Иногда ночью Стас зажигает какую-нибудь конфорку. Получается как разговор при свечах. Ночью не видно, чистая плита или грязная.
— Уборщиц у нас тут нет! — кричит каждый день моя соседка Валя.
Она вламывается ко мне, когда общая плита оказывается грязной — и поди докажи ей, что сегодня ты вообще не выходила на кухню. Сколько раз я отмывала эту плиту неизвестно за кем. Валя говорит, что иначе мне запретят приходить на кухню решением совета этажа. На самом деле никакого совета этажа и в помине нет, и все это разновидность дедовщины: старая жиличка воспитывает молодую. Я все это понимаю не хуже Светки, Стасовой жены, которая втолковывает мне, что бояться здесь совершенно нечего, и что, например, Таня тоже живет в секционке, хуже, чем я. У них на этаже не что кухня — и туалет общий. Но попробовал бы кто-нибудь заставить убирать за всеми Таньку.
— Еще бы! — говорю я. — Таню боятся, она же сидела в тюрьме.
Таня приворовывала понемногу, чтобы прокормить своих детей, и попалась на чем-то вроде роскошной новой коляски, которую взяла возле детской поликлиники — на будущее. Третий ребенок только собирался родиться, и он родился у нее уже в тюрьме. Светка говорит, что Таня сидела в так называемой «мамочкиной зоне». И, вроде бы, там было совсем неплохо. Таня — она устроится где угодно. Что ей зона? Кажется, она и в ад попадет — обживется там, создаст уют.
Светка говорит, что для меня было бы счастьем с этой Таней познакомиться. Мне есть чему у нее поучиться. Таня чемпионка мира по выживанию. Это непостижимо — где она берет все, что нужно в хозяйстве, и как она устраивает старших дочек в самую престижную школу. И комнату каким-то образом получила вскоре после выхода на свободу. Она не снимает свою секционку, как я — ей в самом деле дали комнату!

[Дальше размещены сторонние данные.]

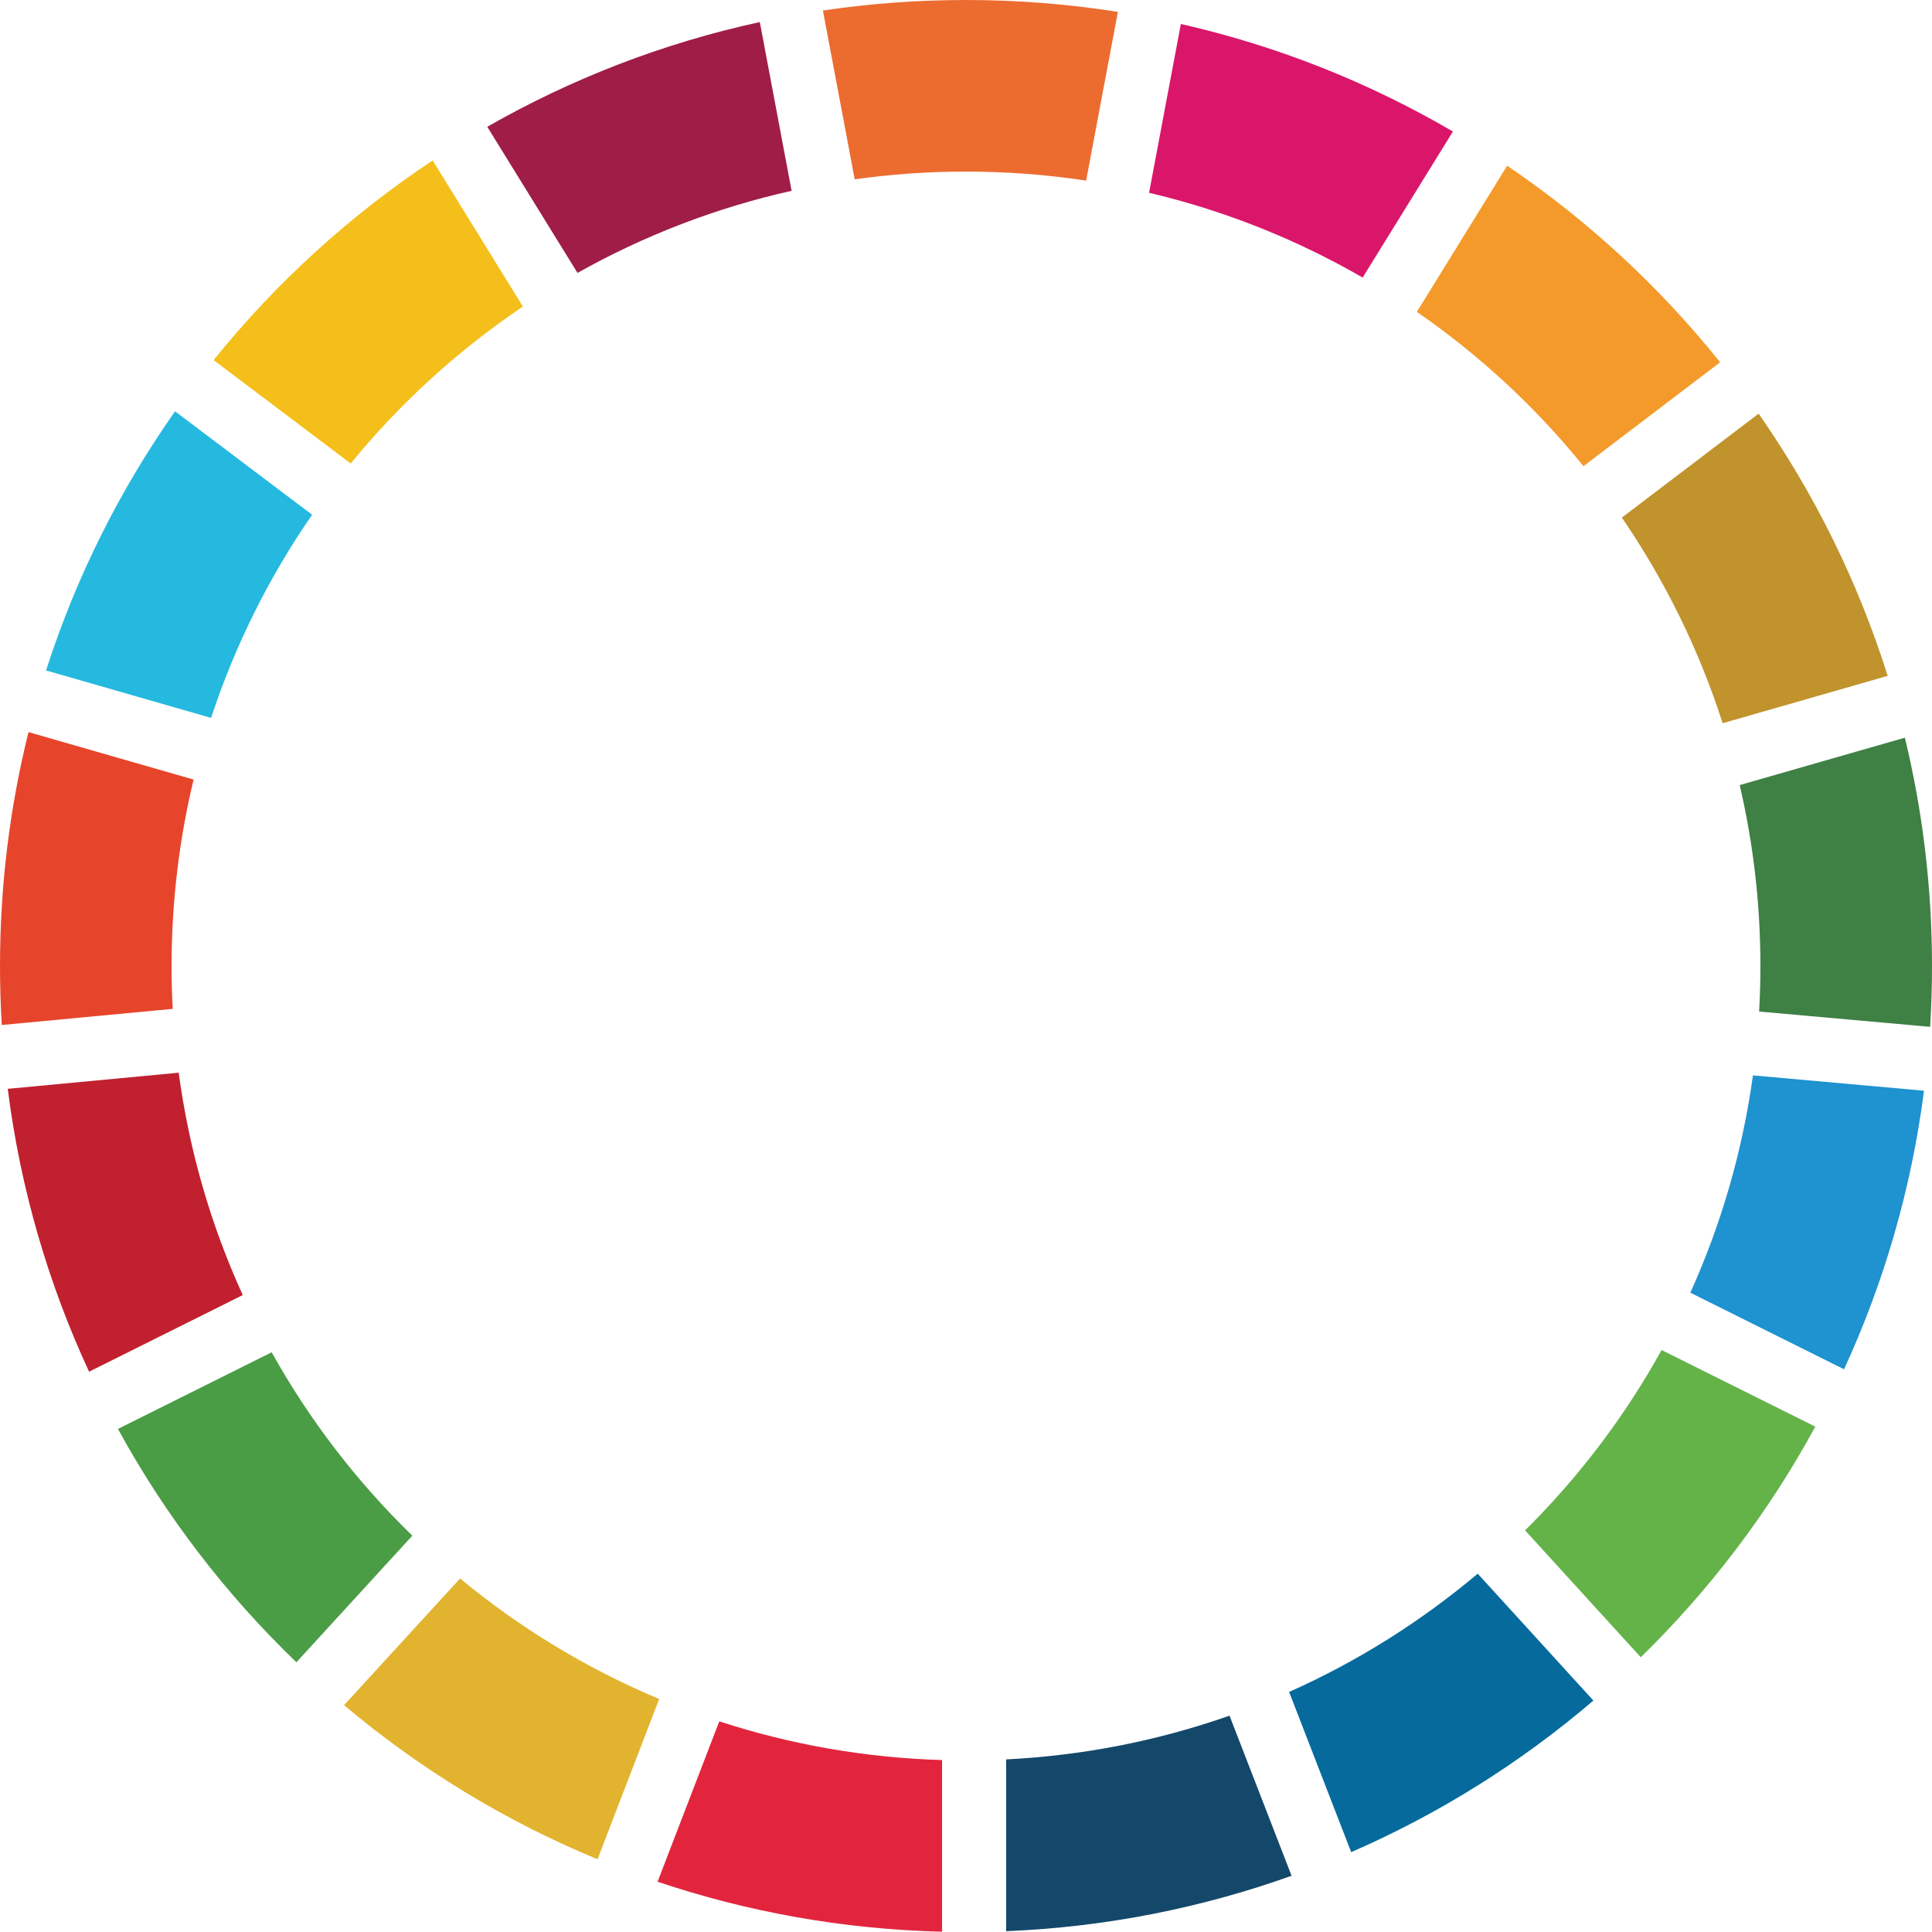 <?xml version="1.0" encoding="UTF-8" standalone="no"?>
<!DOCTYPE svg PUBLIC "-//W3C//DTD SVG 1.1//EN" "http://www.w3.org/Graphics/SVG/1.1/DTD/svg11.dtd">
<svg width="100%" height="100%" viewBox="0 0 512 512" version="1.1" xmlns="http://www.w3.org/2000/svg" xmlns:xlink="http://www.w3.org/1999/xlink" xml:space="preserve" xmlns:serif="http://www.serif.com/" style="fill-rule:evenodd;clip-rule:evenodd;stroke-linejoin:round;stroke-miterlimit:2;">
    <g transform="matrix(1.024,0,0,1.024,0,0)">
        <path d="M0.459,265.273C0.154,260.221 0,255.129 0,250C0,229.127 2.558,208.852 7.377,189.471L50.101,201.75C46.38,217.225 44.408,233.382 44.408,250C44.408,253.722 44.507,257.42 44.702,261.093L0.459,265.273Z" style="fill:rgb(231,69,43);"/>
    </g>
    <g transform="matrix(1.024,0,0,1.024,0,0)">
        <path d="M54.634,185.79L11.918,173.512C19.675,149.346 31.01,126.784 45.298,106.447L80.777,133.212C69.697,149.236 60.835,166.91 54.634,185.79Z" style="fill:rgb(37,185,223);"/>
    </g>
    <g transform="matrix(1.024,0,0,1.024,0,0)">
        <path d="M90.757,119.953L55.278,93.195C71.393,73.209 90.522,55.755 111.975,41.523L135.325,79.336C118.547,90.631 103.526,104.335 90.757,119.953Z" style="fill:rgb(244,191,26);"/>
    </g>
    <g transform="matrix(1.024,0,0,1.024,0,0)">
        <path d="M149.458,70.628L126.108,32.809C147.791,20.413 171.51,11.171 196.639,5.707L204.866,49.378C185.181,53.787 166.563,61.019 149.458,70.628Z" style="fill:rgb(159,29,70);"/>
    </g>
    <g transform="matrix(1.024,0,0,1.024,0,0)">
        <path d="M221.194,46.41L212.967,2.724C225.051,0.93 237.417,0 250,0C263.375,0 276.505,1.05 289.312,3.073L281.089,46.743C270.95,45.205 260.568,44.408 250,44.408C240.224,44.408 230.607,45.09 221.194,46.41Z" style="fill:rgb(236,108,48);"/>
    </g>
    <g transform="matrix(1.024,0,0,1.024,0,0)">
        <path d="M297.378,49.894L305.604,6.206C330.722,11.911 354.403,21.398 376.016,34.037L352.654,71.831C335.621,61.995 317.045,54.533 297.378,49.894Z" style="fill:rgb(218,22,106);"/>
    </g>
    <g transform="matrix(1.024,0,0,1.024,0,0)">
        <path d="M366.678,80.702L390.053,42.883C410.884,56.996 429.473,74.17 445.174,93.758L409.806,120.645C397.424,105.366 382.895,91.899 366.678,80.702Z" style="fill:rgb(244,154,42);"/>
    </g>
    <g transform="matrix(1.024,0,0,1.024,0,0)">
        <path d="M419.733,133.954L455.126,107.052C469.49,127.625 480.837,150.459 488.528,174.913L445.815,187.173C439.689,168.064 430.843,150.172 419.733,133.954Z" style="fill:rgb(193,147,44);"/>
    </g>
    <g transform="matrix(1.024,0,0,1.024,0,0)">
        <path d="M450.236,203.176L492.976,190.913C497.567,209.857 500,229.644 500,250C500,255.289 499.836,260.54 499.512,265.748L455.26,261.785C455.48,257.885 455.592,253.956 455.592,250C455.592,233.892 453.74,218.217 450.236,203.176Z" style="fill:rgb(63,128,69);"/>
    </g>
    <g transform="matrix(1.024,0,0,1.024,0,0)">
        <path d="M453.659,278.307L497.935,282.278C494.658,307.703 487.561,331.932 477.238,354.37L437.458,334.548C445.395,316.977 450.935,298.091 453.659,278.307Z" style="fill:rgb(31,146,208);"/>
    </g>
    <g transform="matrix(1.024,0,0,1.024,0,0)">
        <path d="M430.015,349.389L469.801,369.212C457.775,391.338 442.505,411.446 424.63,428.897L394.688,396.059C408.562,382.315 420.488,366.608 430.015,349.389Z" style="fill:rgb(99,179,73);"/>
    </g>
    <g transform="matrix(1.024,0,0,1.024,0,0)">
        <path d="M382.431,407.265L412.369,440.102C393.66,456.096 372.563,469.377 349.685,479.335L333.618,437.875C351.357,429.968 367.77,419.623 382.431,407.265Z" style="fill:rgb(6,107,156);"/>
    </g>
    <g transform="matrix(1.024,0,0,1.024,0,0)">
        <path d="M318.197,444.011L334.258,485.446C311.033,493.758 286.219,498.732 260.395,499.788L260.396,455.334C280.565,454.329 299.969,450.418 318.197,444.011Z" style="fill:rgb(20,72,106);"/>
    </g>
    <g transform="matrix(1.024,0,0,1.024,0,0)">
        <path d="M243.803,455.5L243.803,499.925C218.115,499.3 193.387,494.8 170.183,486.988L186.15,445.484C204.38,451.435 223.73,454.906 243.803,455.5Z" style="fill:rgb(226,37,61);"/>
    </g>
    <g transform="matrix(1.024,0,0,1.024,0,0)">
        <path d="M170.597,439.698L154.646,481.172C130.674,471.273 108.578,457.754 89.039,441.297L119.062,408.511C134.505,421.282 151.845,431.84 170.597,439.698Z" style="fill:rgb(226,179,46);"/>
    </g>
    <g transform="matrix(1.024,0,0,1.024,0,0)">
        <path d="M106.712,397.434L76.707,430.193C58.417,412.599 42.799,392.247 30.523,369.805L70.307,349.969C80.101,367.536 92.396,383.519 106.712,397.434Z" style="fill:rgb(74,157,69);"/>
    </g>
    <g transform="matrix(1.024,0,0,1.024,0,0)">
        <path d="M62.822,335.165L23.051,354.995C12.505,332.239 5.281,307.63 2.002,281.79L46.246,277.613C48.967,297.882 54.641,317.215 62.822,335.165Z" style="fill:rgb(193,32,47);"/>
    </g>
</svg>

Да только захочет ли Таня делиться опытом со мной? Времени-то она зря не тратит! Ну, чем я могу быть ей полезна? Мои рассказы ей не нужны, она их не поймет.
— А, вот, английский! — вспоминает Светка. — Мы скажем, что ты можешь заниматься с ее детьми английским. Возьмешься? Кажется, после Стаса с ними так никто и не занимался. Где найдешь бесплатного репетитора?
Наверное, завтра Светка снова прибежит — и будет тащить меня к этой Тане.
Мы со Стасом влезаем на подоконник. Окно раскрыто — мы смахиваем вниз чьи-то окурки.
Стас говорит, что он человек тактильного типа. Есть люди, которые воспринимают всех остальных в первую очередь глазами. Им надо видеть, как меняется ваше лицо, когда они вам что-то говорят. И потому они не любят общаться по телефону. А есть такие, кто по телефону может проболтать хоть сколько. Им даже в голову не придет, что это, в общем, не полное общение. Им надо слышать, как ваш голос делается то тише, то громче, и как вы вздыхаете в паузах между словами. Стасу надо трогать того, с кем он говорит. Он объясняет мне, что вовсе не воспринимает чужой речи, не может вникнуть в тему разговора, если его руки при этом не бегают свободно, где хотят. И в это время он может говорить о чуде чистой дружбы, о человеческом общении, потребностях души и так далее. Дружит он, конечно, только с девчонками. Наверное, чей-то парень или муж не стал бы долго слушать про тактильный тип восприятия всего окружающего и про то, как много может дать нам простое прикосновение.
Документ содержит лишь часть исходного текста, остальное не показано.